ビジネスアーキテクチャで変革のビジネスアジリティを実現するビジネスとITを繋ぐビジネスアナリシスを知ろう!

現在は、継続的改善にとどまらず、ビジネスや業務および組織の構造的な変更をやり続ける継続的変革が求められている。この俊敏な継続的変革の活動のために重視することは何か。

» 2025年06月25日 07時05分 公開
[塩田宏治ITmedia]

 第18回目は「ビジネスアーキテクチャで変革のビジネスアジリティを実現する」 です。

 近年のビジネス環境が、社会の変容や社会的インパクトが大きな技術の断続的な登場によって、ビジネスの不透明さや不確実性が高くなるとともに、その変化のスピードが非常に速くなっていることは、多くの人が認識していると思います。

 企業は、この断続的な大きな変化に対応するために、従来の組織や事業の枠を超えた変革活動(トランスフォーメーション)を求められているとともに、この活動を迅速に企画し実行する必要に迫られています。

 そして現在は、継続的改善にとどまらず、このビジネスや業務および組織の構造的な変更をやり続ける、つまり継続的変革が求められています。

 ここで最初に確認しておきたいのは、この俊敏な継続的変革の活動のために重視することは何かということです。

 組織は何かしら外部の顧客に対して価値を提供することを、その存在目的としていることが多いでしょう。
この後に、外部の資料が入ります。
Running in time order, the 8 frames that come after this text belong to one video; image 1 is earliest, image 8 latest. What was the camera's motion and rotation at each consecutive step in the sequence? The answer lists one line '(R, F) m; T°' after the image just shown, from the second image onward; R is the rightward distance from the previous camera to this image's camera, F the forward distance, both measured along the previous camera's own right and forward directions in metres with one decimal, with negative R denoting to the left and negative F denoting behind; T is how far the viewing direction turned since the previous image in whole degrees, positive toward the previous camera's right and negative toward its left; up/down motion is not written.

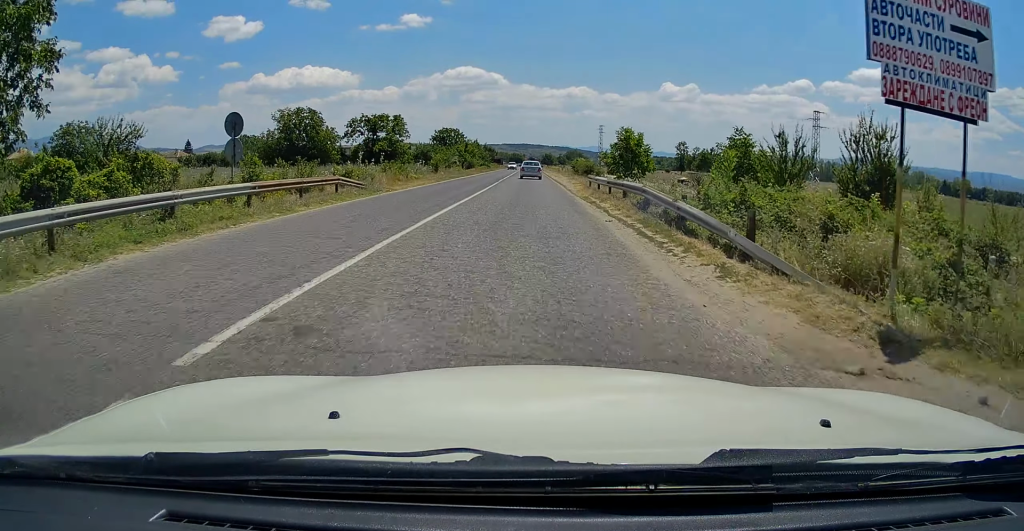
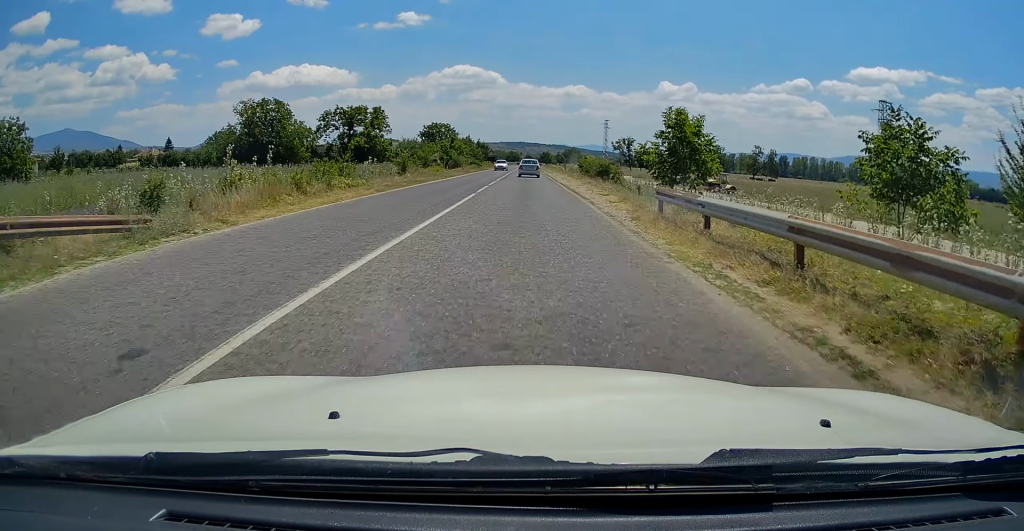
(0.0, +15.6) m; 0°
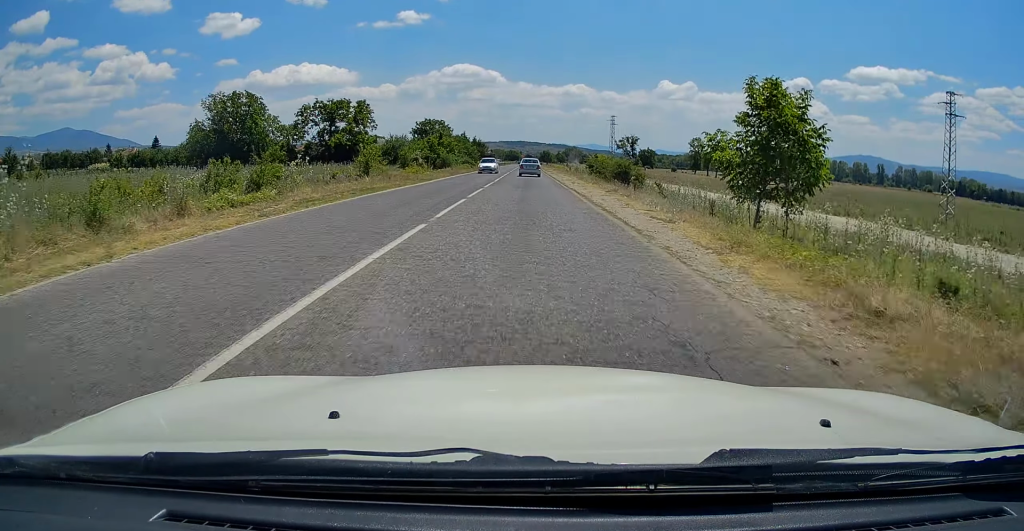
(-0.1, +10.5) m; 0°
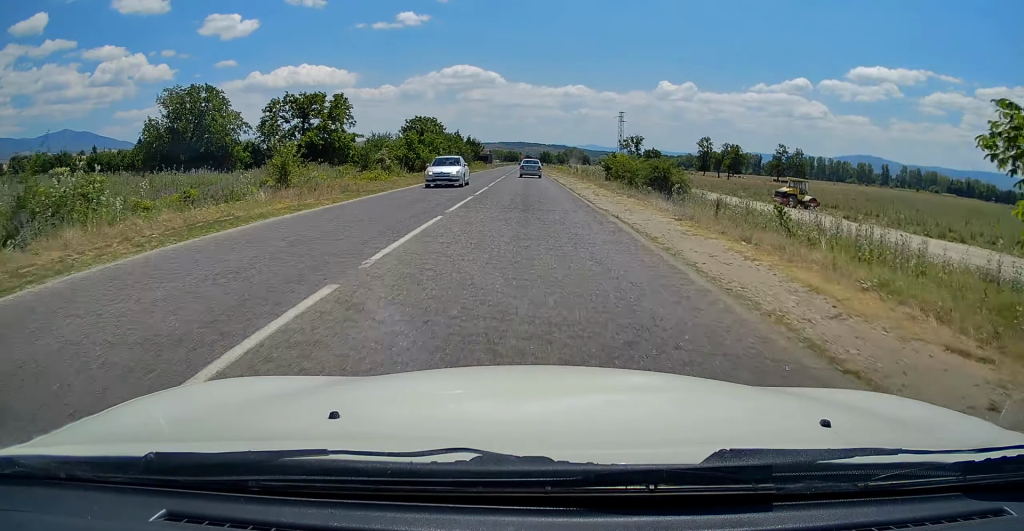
(+0.1, +12.3) m; +1°
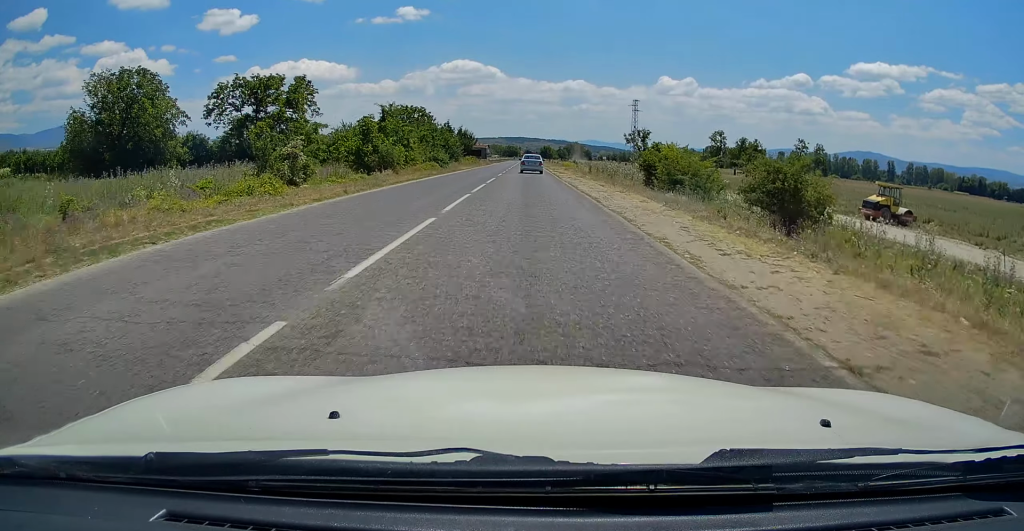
(+0.1, +16.1) m; 0°
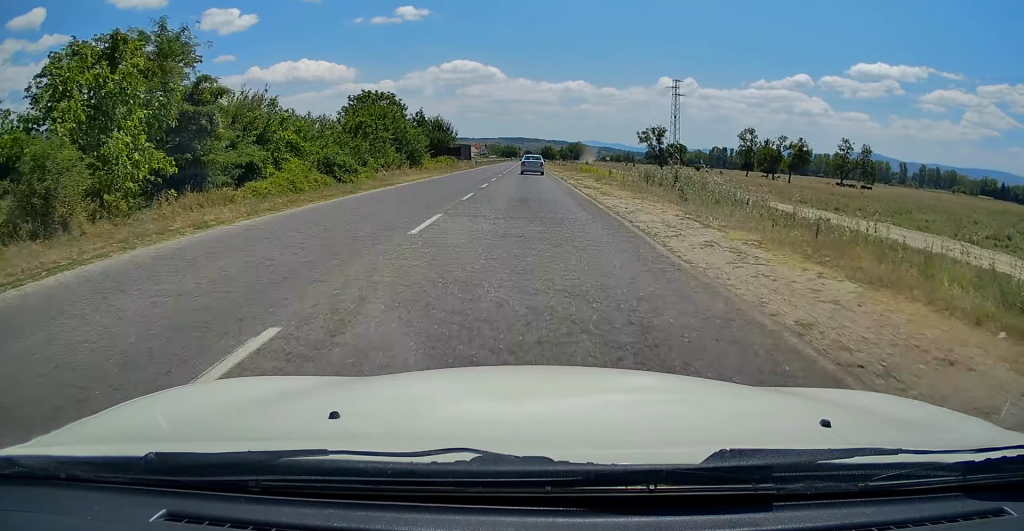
(-0.2, +30.6) m; 0°
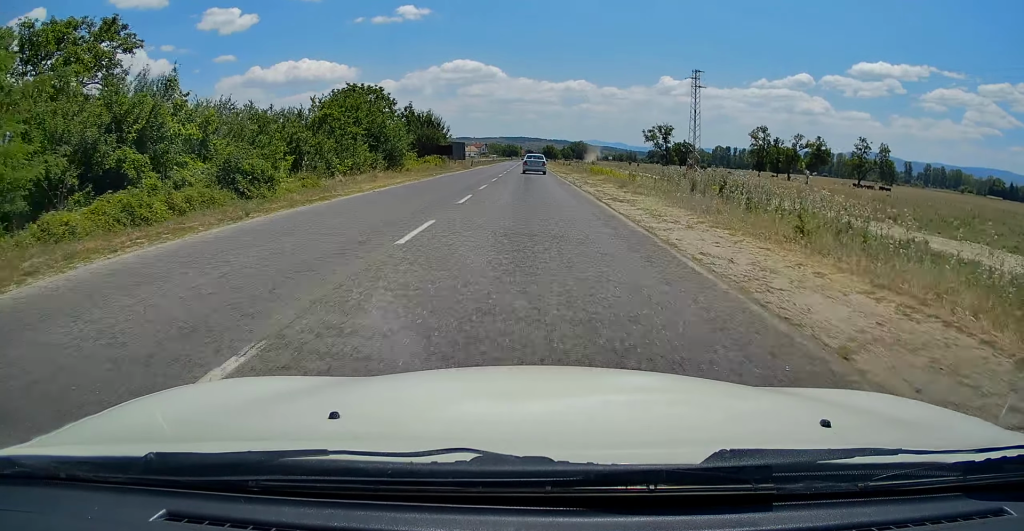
(0.0, +9.3) m; 0°
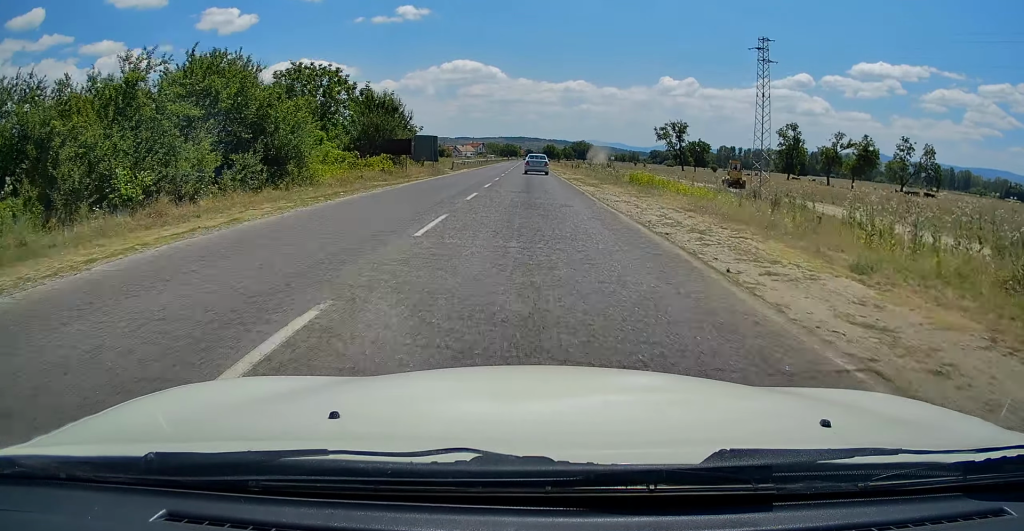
(+0.1, +22.2) m; 0°

そうであるならば、図1に示すような顧客に対して価値を届けるエンド・ツー・エンドの一連の活動(バリューストリームと言います)をいかにうまく、俊敏に行うかが求められてきます。

 ここでは最初に、ビジネスのコンテキスト(環境)とステークホルダおよびそのニーズを認識し、実現すべき価値と実行のための戦略およびビジネスモデルをデザインします。

 次に、この新しい戦略やビジネスモデルを実現するためのオペレーティングモデルを構想する必要があり、それがビジネスアーキテクチャを考え、それを支える情報システムアーキテクチャを考えるということです。

 変革活動を企画するときには、ハイレベルなビジネスの構造をどう変えるかを議論するのであって、業務フロー図のどのステップがボトルネックになっていて改善するかというレベルでは議論していません。

 アーキテクチャレベルでの将来像を描き、現状とのギャップを特定することで、それを埋めて将来像を実現する施策(イニシアチブ)を洗い出し、ポートフォリオマネジメントのプロセスにおいて優先順位付けや実行承認を組織的に行うことがなされます。

 こうして組織で合意形成された施策が、プロジェクトなどの形態で実行されることでプロダクトやサービスが開発され、それが運用されることで顧客にビジネス価値を届けることができます。

図-1:顧客価値創造のエンド・ツー・エンド・バリューストリーム

 図-1を踏まえ、俊敏な変革を行い続けるためには、ここでは2つの点について指摘しておきます。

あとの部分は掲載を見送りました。